What you will do: Skip the images and repeat every entry word for word.
┄┄┄┄┄┄
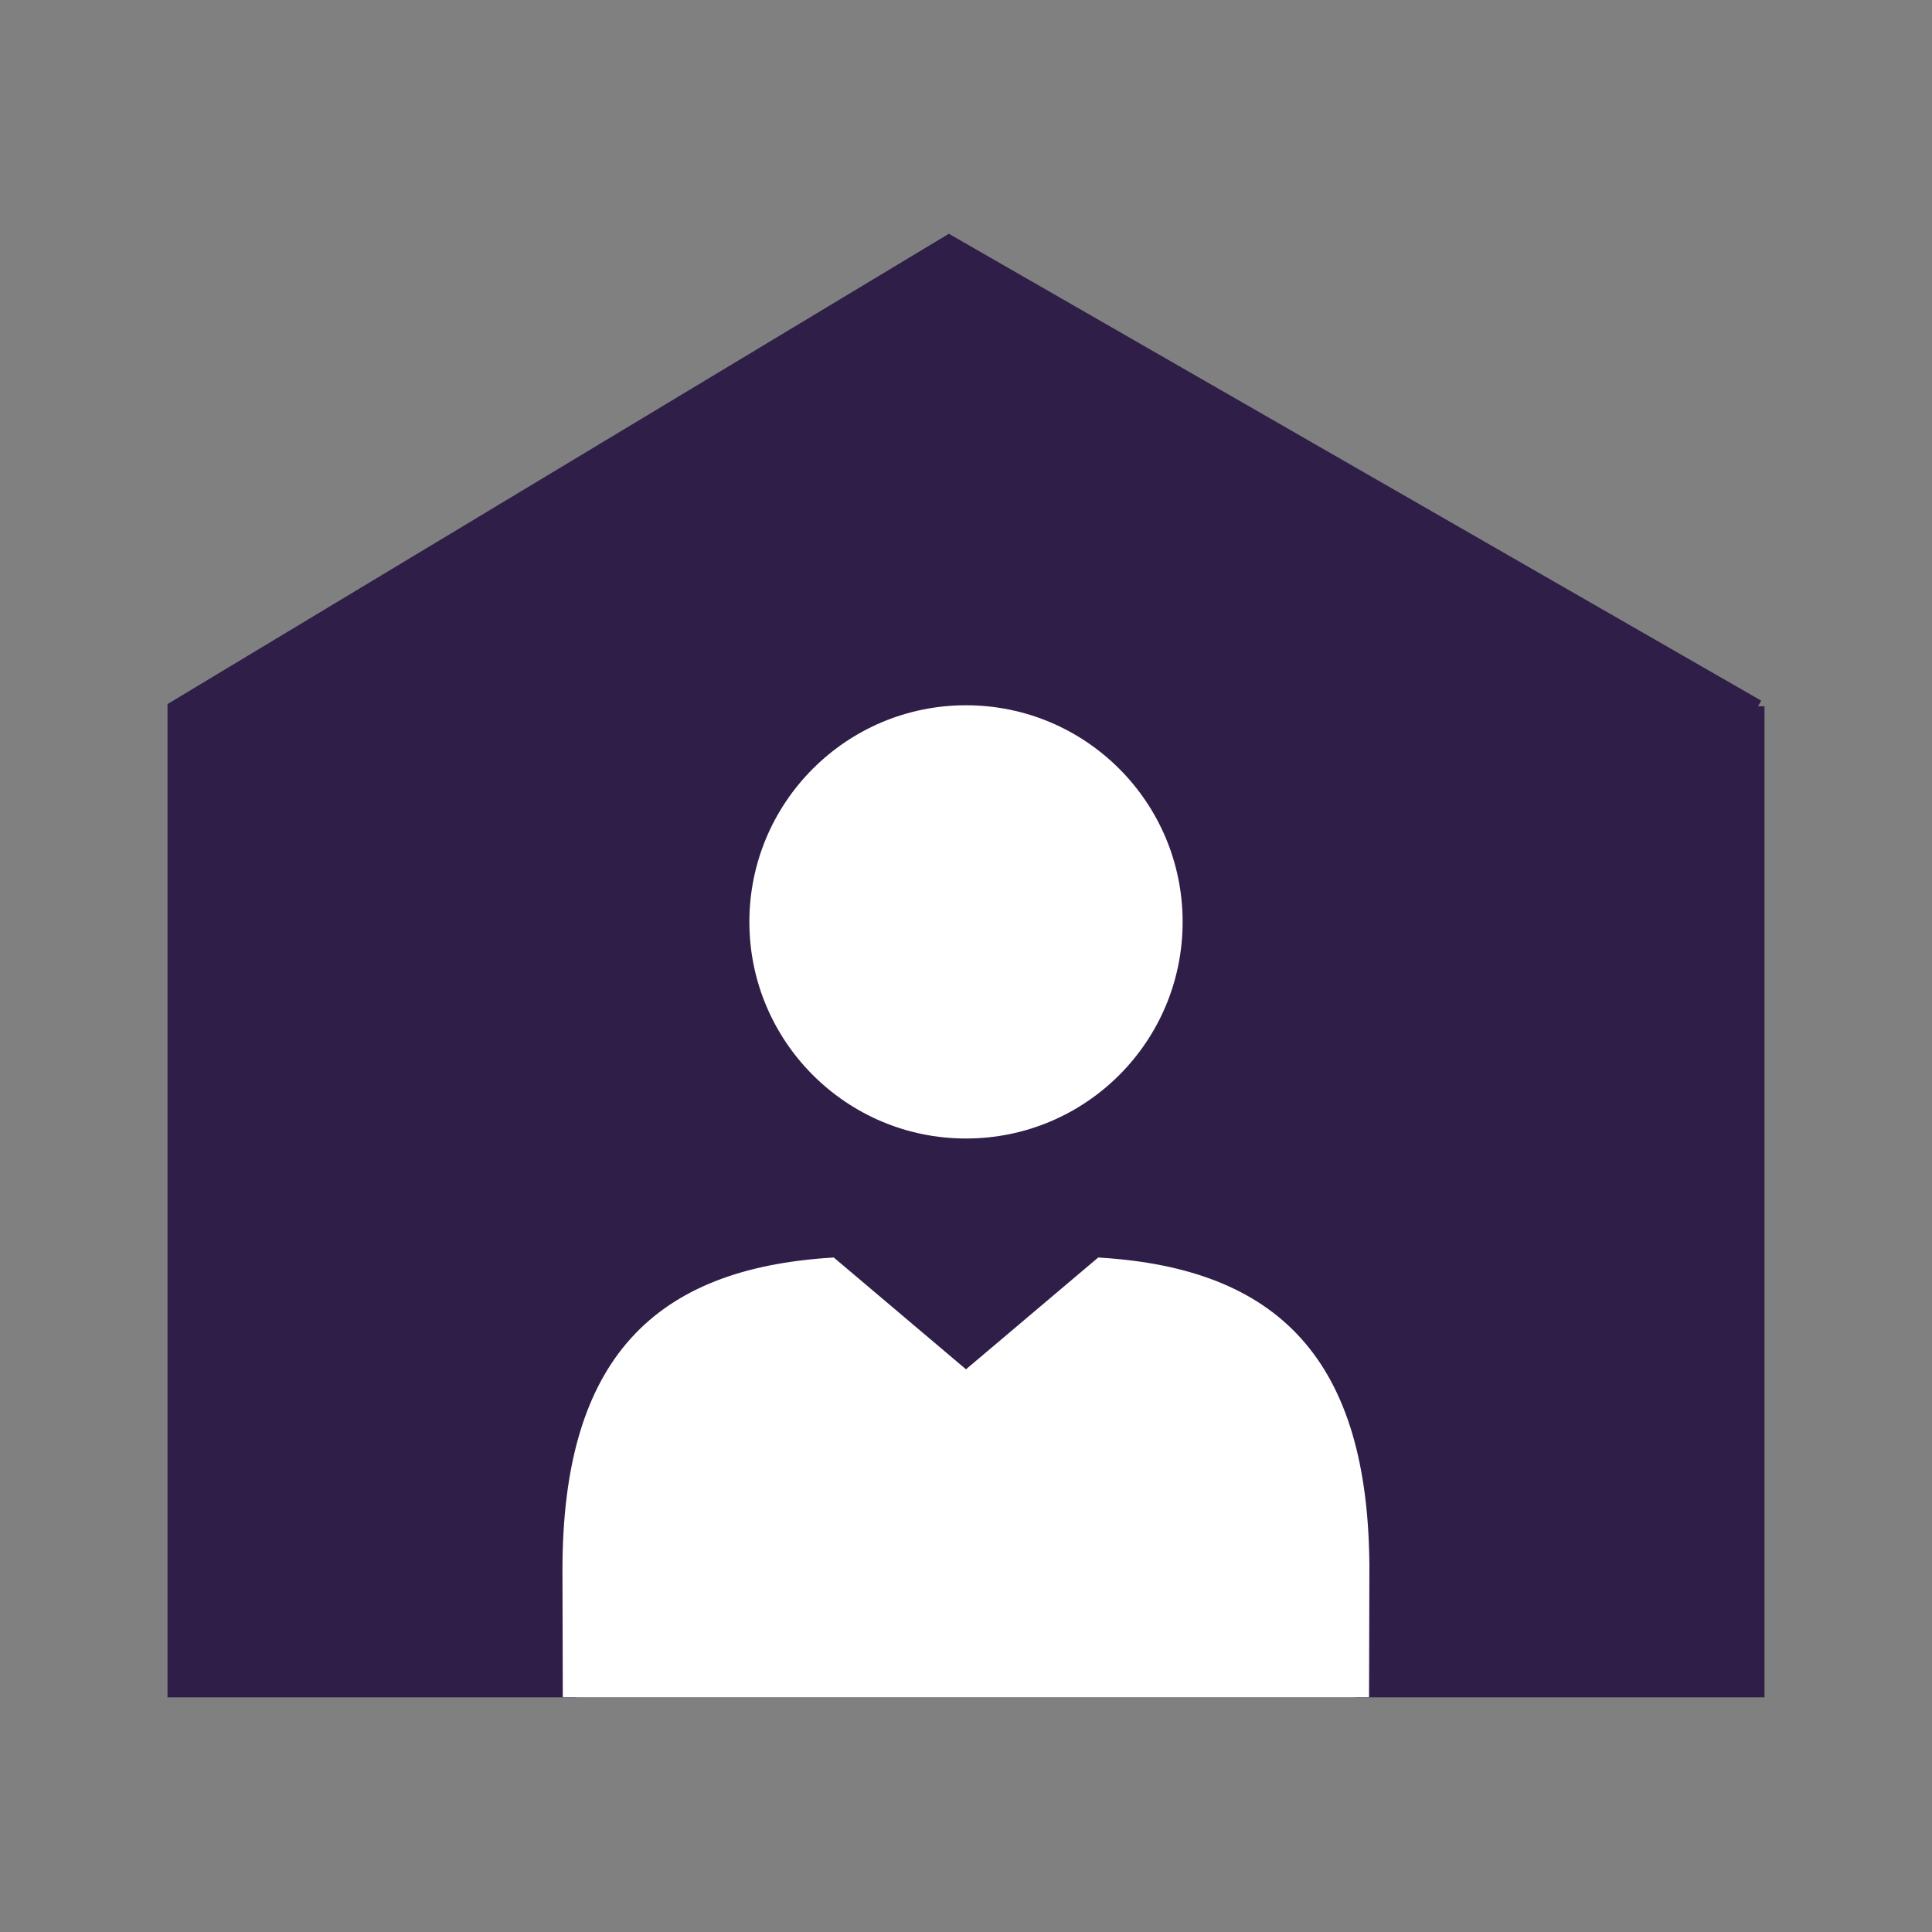 <?xml version="1.0" encoding="UTF-8"?>
<svg id="Layer_1" data-name="Layer 1" xmlns="http://www.w3.org/2000/svg" viewBox="0 0 120 120">
  <rect x="0" y="0" width="120" height="120" fill="#808080" stroke="none"/>
  <defs>
    <style>
      .cls-1 {
        stroke: #fff;
      }

      .cls-1, .cls-2 {
        stroke-miterlimit: 10;
      }

      .cls-1, .cls-2, .cls-3 {
        stroke-width: .81px;
      }

      .cls-1, .cls-3 {
        fill: #fff;
      }

      .cls-2 {
        fill: #2f1e48;
      }

      .cls-2, .cls-3 {
        stroke: #2f1e48;
      }

      .cls-3 {
        stroke-linejoin: round;
      }
    </style>
  </defs>
  <path class="cls-2" d="M109.19,43.87v61.15h-24.56l.02-7.49c0-13.04-5.65-18.32-16.3-19l-8.35,7.06-8.35-7.06c-10.66.68-16.31,5.96-16.31,19l.02,7.49H10.81v-61.06L58.94,14.99l50.25,28.88Z"/>
  <path class="cls-3" d="M60,71.12c7.66,0,13.86-6.2,13.86-13.86s-6.21-13.86-13.86-13.86-13.86,6.21-13.86,13.86,6.21,13.86,13.86,13.86Z"/>
  <path class="cls-1" d="M84.65,97.52l-.02,7.49h-49.27l-.02-7.49c0-13.04,5.65-18.32,16.31-19l8.35,7.06,8.35-7.06c10.65.68,16.3,5.96,16.3,19Z"/>
</svg>
┄┄┄┄┄┄
Task result:
 <?xml version="1.0" encoding="UTF-8"?>
<svg id="Layer_1" data-name="Layer 1" xmlns="http://www.w3.org/2000/svg" viewBox="0 0 120 120">
  <rect x="0" y="0" width="120" height="120" fill="#808080" stroke="none"/>
  <defs>
    <style>
      .cls-1 {
        stroke: #fff;
      }

      .cls-1, .cls-2 {
        stroke-miterlimit: 10;
      }

      .cls-1, .cls-2, .cls-3 {
        stroke-width: .81px;
      }

      .cls-1, .cls-3 {
        fill: #fff;
      }

      .cls-2 {
        fill: #2f1e48;
      }

      .cls-2, .cls-3 {
        stroke: #2f1e48;
      }

      .cls-3 {
        stroke-linejoin: round;
      }
    </style>
  </defs>
  <path class="cls-2" d="M109.19,43.87v61.15h-24.56l.02-7.49c0-13.04-5.65-18.32-16.3-19l-8.35,7.06-8.35-7.06c-10.66.68-16.31,5.96-16.31,19l.02,7.49H10.81v-61.06L58.94,14.99l50.25,28.88Z"/>
  <path class="cls-3" d="M60,71.12c7.66,0,13.86-6.2,13.86-13.86s-6.21-13.86-13.86-13.86-13.86,6.21-13.86,13.86,6.21,13.86,13.86,13.86Z"/>
  <path class="cls-1" d="M84.65,97.52l-.02,7.49h-49.27l-.02-7.49c0-13.04,5.65-18.32,16.31-19l8.35,7.06,8.35-7.06c10.65.68,16.3,5.96,16.3,19Z"/>
</svg>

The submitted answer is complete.